Minister of Social Affairs and Employment Piet Hein Donner is planning to open borders completely to workers from central and eastern Europe from May 1st, scrapping the current system of work permits. “An irresponsible decision,” according to SP Member of Parliament and employment spokesman Paul Ulenbelt. “If you're going to invite guests then you have to make sure your house is in good order,” he says. “And in this case the house is far from being so. Trade unions and the four biggest local authorities have said as much. With my own eyes I've seen how often Polish workers here are confronted with eighteenth century housing conditions, but that just makes Donner keener.” Ulenbelt is seeking an urgent debate on the question with the minister.
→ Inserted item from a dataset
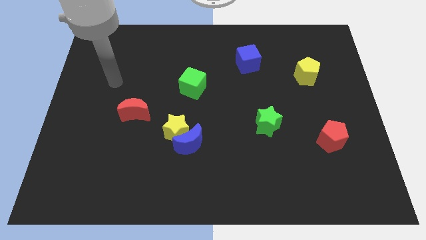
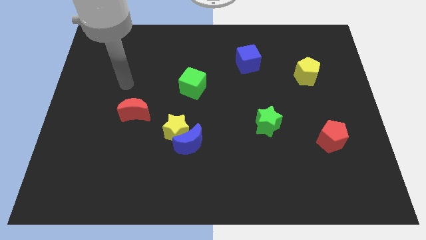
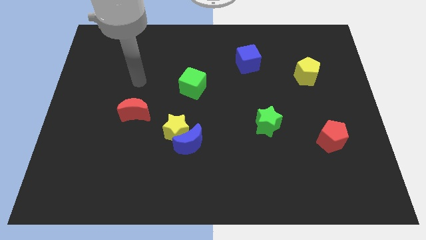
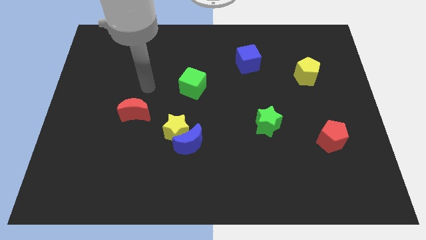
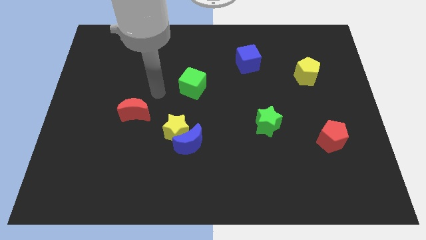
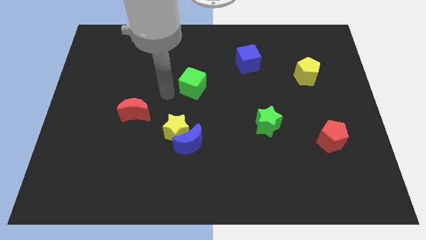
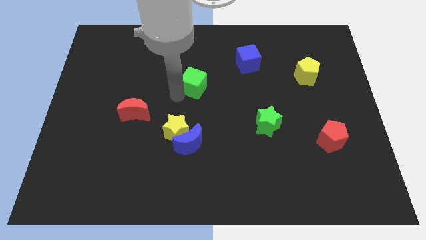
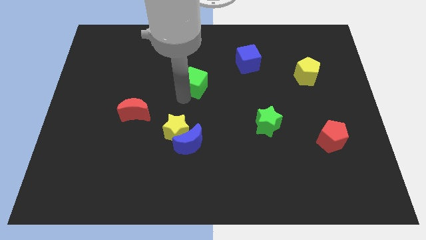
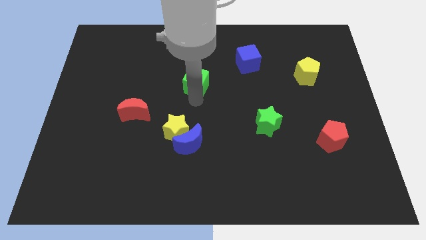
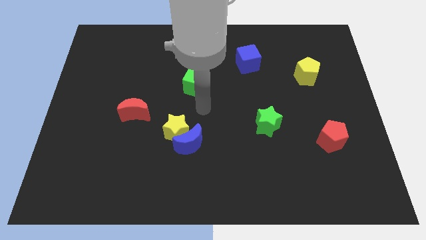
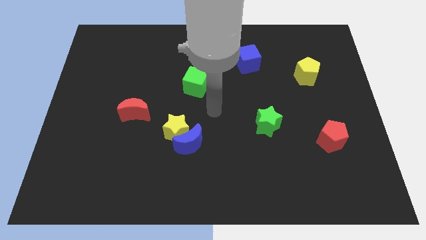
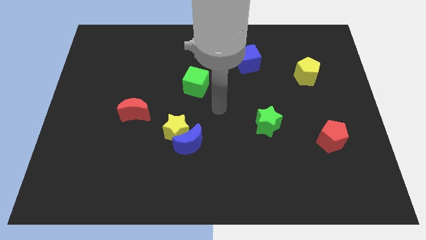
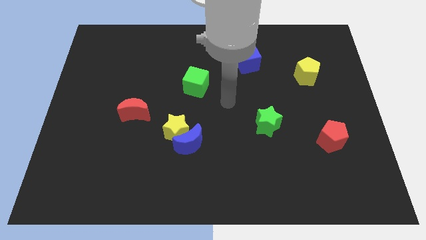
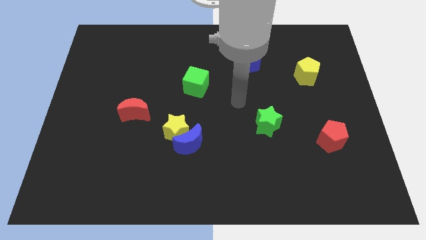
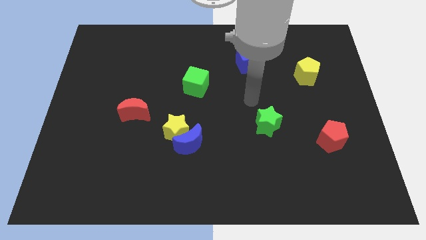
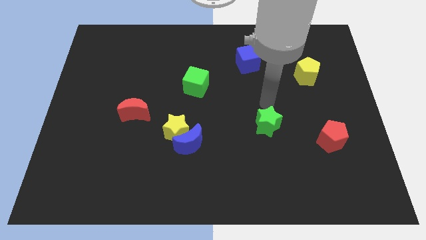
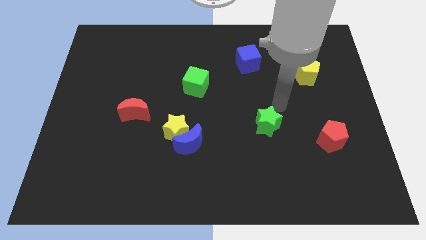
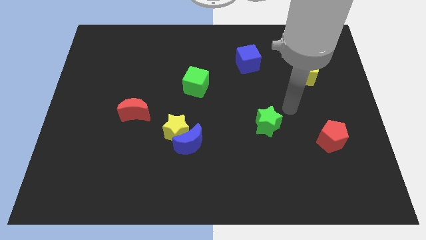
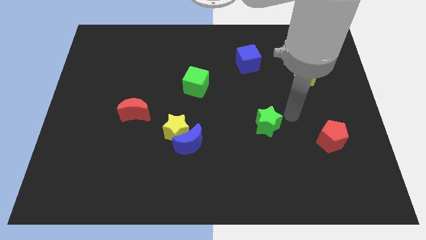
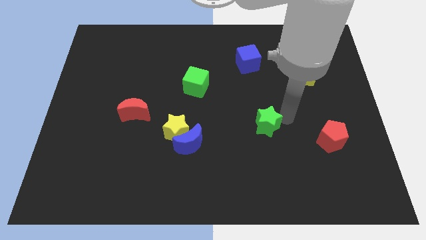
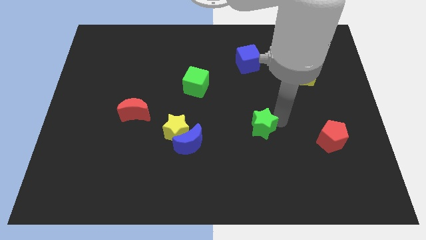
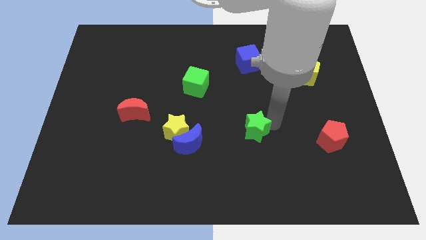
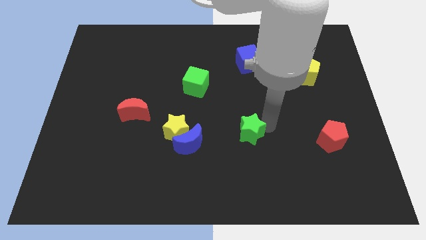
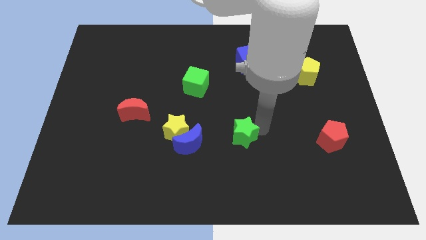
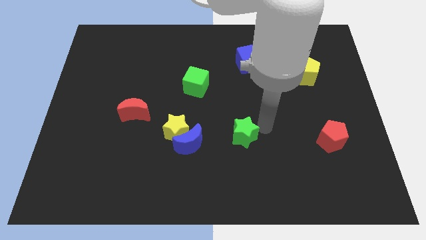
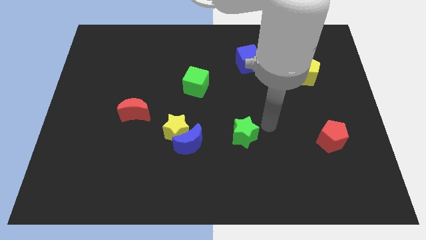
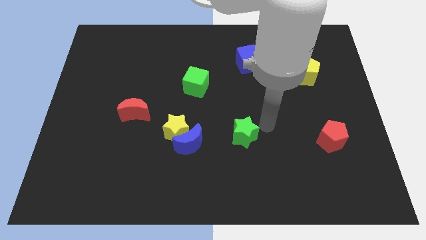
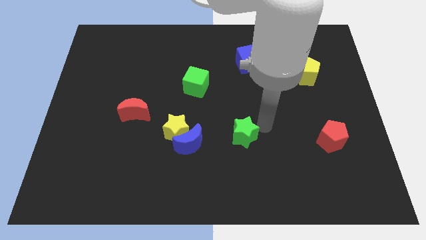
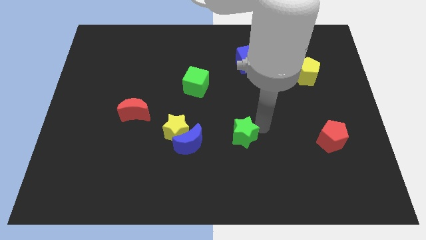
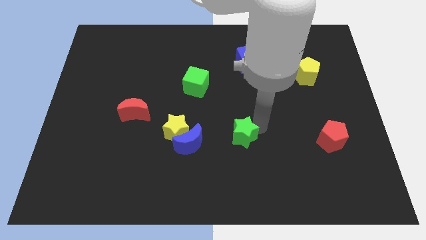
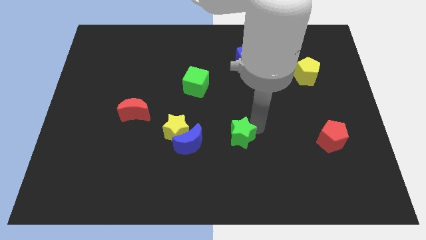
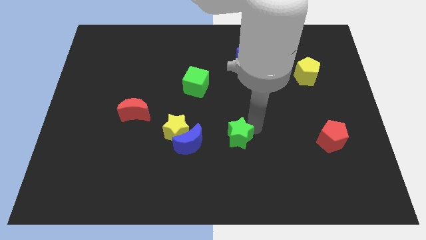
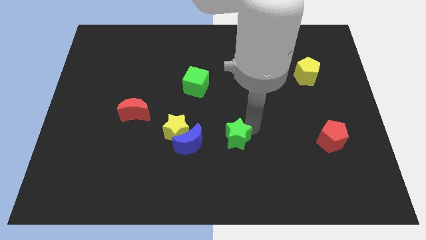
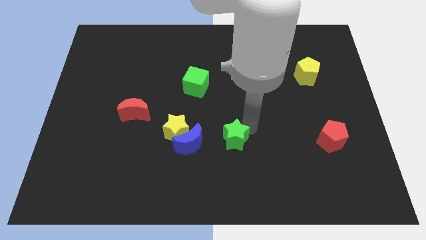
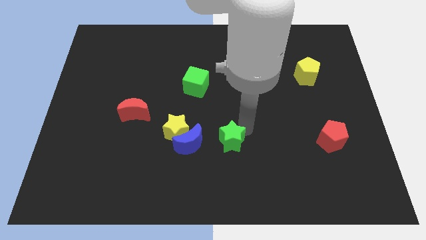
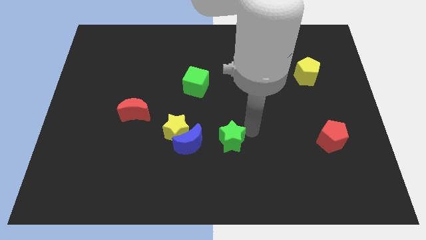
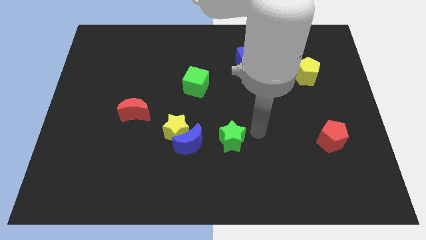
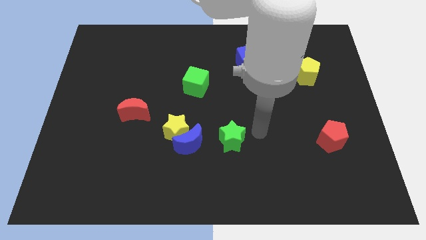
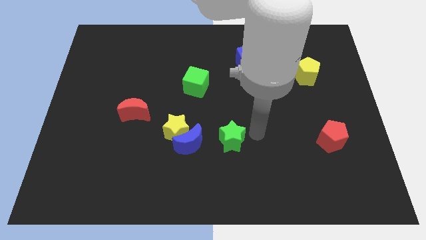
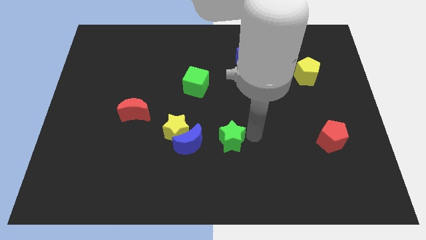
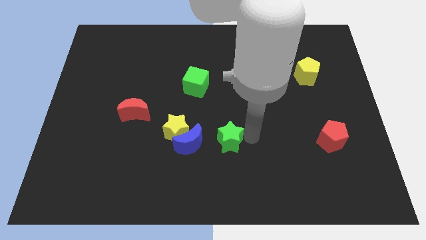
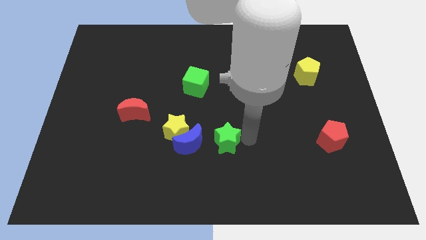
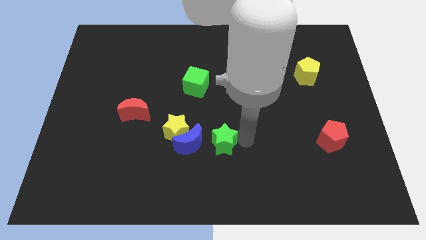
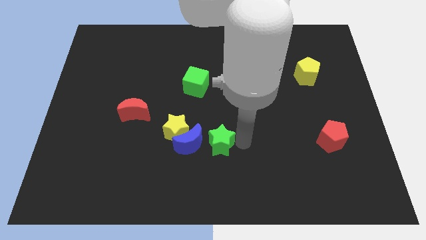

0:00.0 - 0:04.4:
put the green star diagonally down and to the right of the yellow star

Paul UlenbeltIn some sectors, such as horticulture, many employers are addicted to cheap labour, Ulenbelt has concluded. “Donner helps these 'addicts' to their dose of cheap workers and doesn't bother looking at the consequences for others. If you see how these workers are housed, in tumbledown houses with twelve mattresses and sleeping places in the cupboard under the stairs, you have to say that this is a problem to be combated and not aggravated.”

The four biggest local authorities are demanding the maintenance of work permits. This would allow them to monitor the living conditions of workers from abroad, because to qualify for such a permit you must give an address in the Netherlands. Monitoring would enable abuses to be addressed, but Donner has ignored the councils' urgings.

A number of different trade unions have established that employers are reluctant to enter into agreements to prevent the exploitation of central- and eastern European workers. Proposals made by the unions to guarantee equal pay for equal work and ensure safe working conditions have been rejected by Donner. “If the borders are now to be opened fully and employers allowed to recruit a skilled labour force from central and eastern Europe, we will invest less in training of young people and not make any effort to help unemployed people to find work,” says Ulenbelt.

“Donner is turning out to be the enforcer for a neoliberal Europe. He has eyes only for the short term interests of employers and doesn't bother himself about foreign workers at all. He is cooperating in sucking the human capital from Poles and others, while in Poland and other parts of central and eastern Europe, the skilled and specialised labour needed to reconstruct these countries is becoming hard to find. Now the Polish government is opening its borders to Bulgaria and Romania, and soon these countries will have to open their borders to their eastern neighbours. In this neoliberal Europe, Poles work in the Netherlands and Britain, while Bulgarians and Romanians work in Poland and Ukrainians and Moldavians will soon be working in Romania and the Czech republic. This is not the Europe of the SP. As with any market, the international labour market be regulated.”